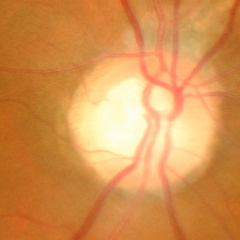

Optic disc appearance consistent with advanced glaucoma.
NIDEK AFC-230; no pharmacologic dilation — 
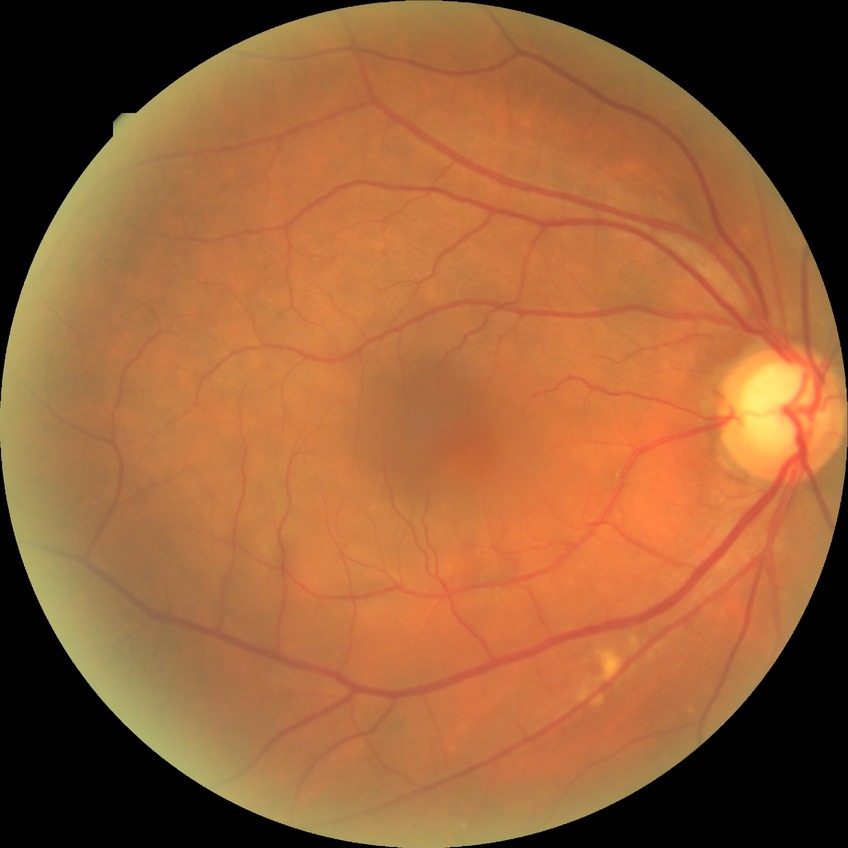

diabetic retinopathy (DR): no diabetic retinopathy (NDR).
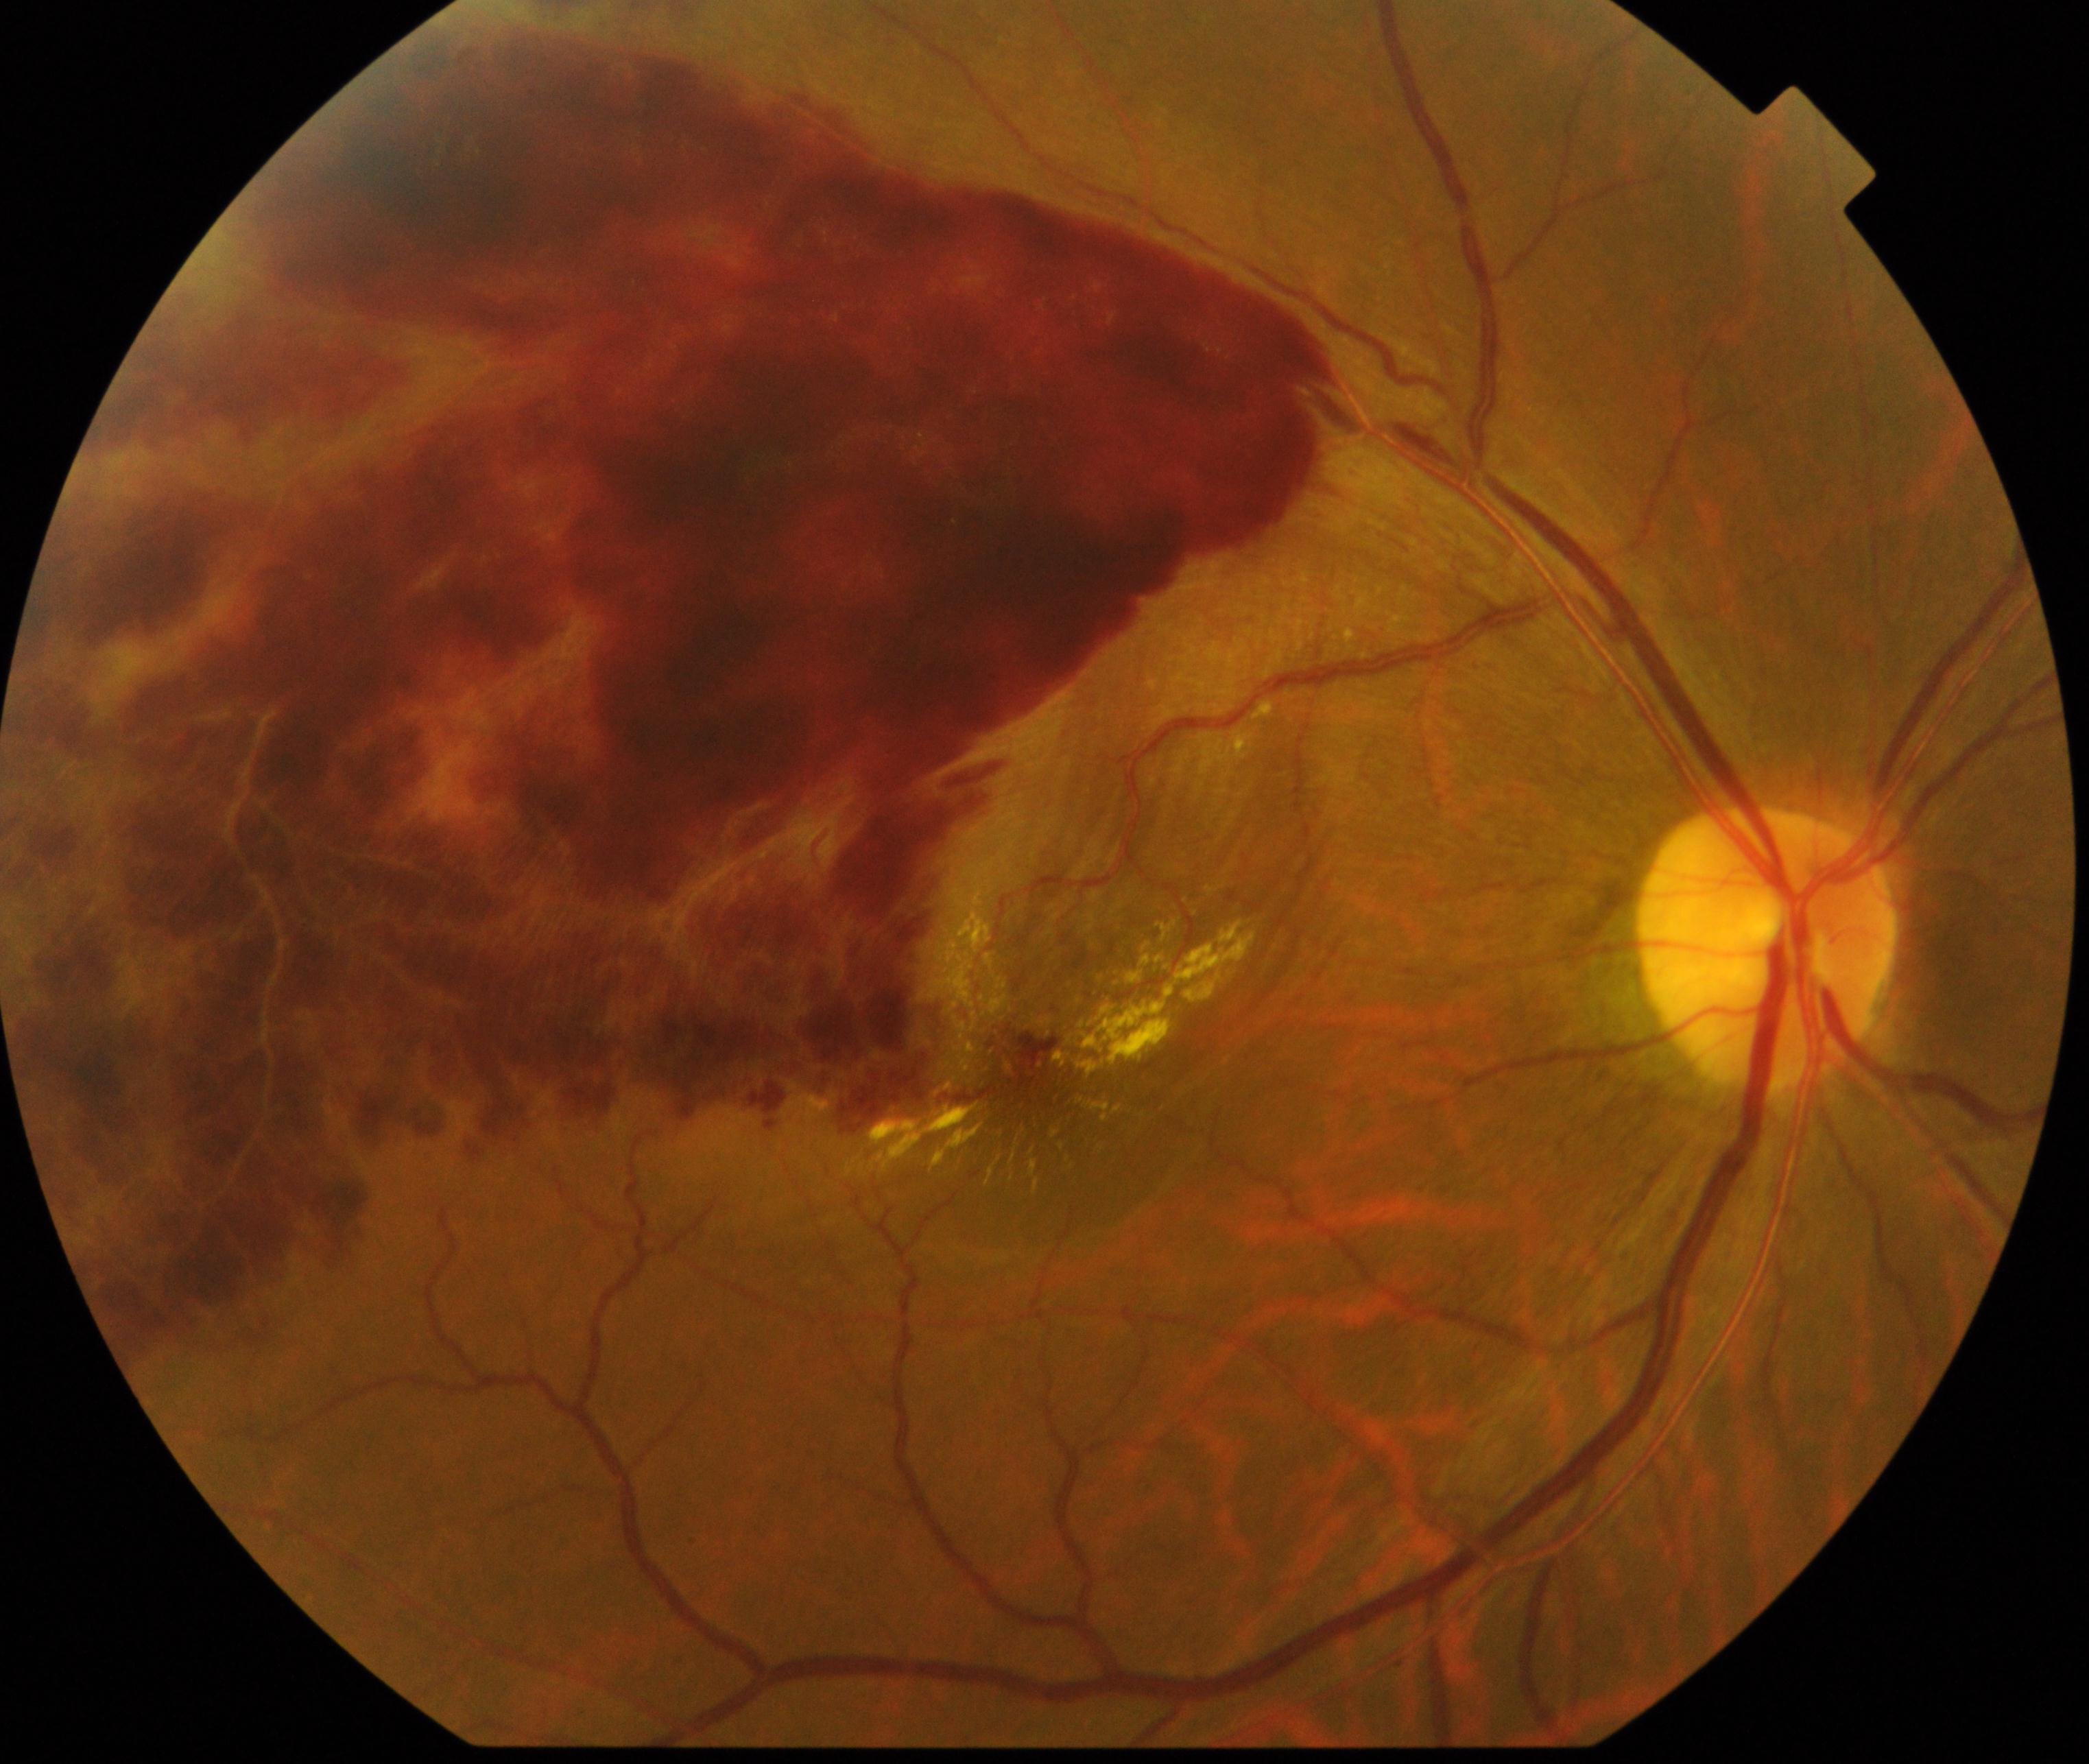

Classification: BRVO (branch retinal vein occlusion).

────

## What you will do
When you retype the material above, copy each line exactly and drop whatever images appear in it.

## Answer box
Optic disc appearance consistent with advanced glaucoma.
NIDEK AFC-230; no pharmacologic dilation — 

diabetic retinopathy (DR): no diabetic retinopathy (NDR).

Classification: BRVO (branch retinal vein occlusion).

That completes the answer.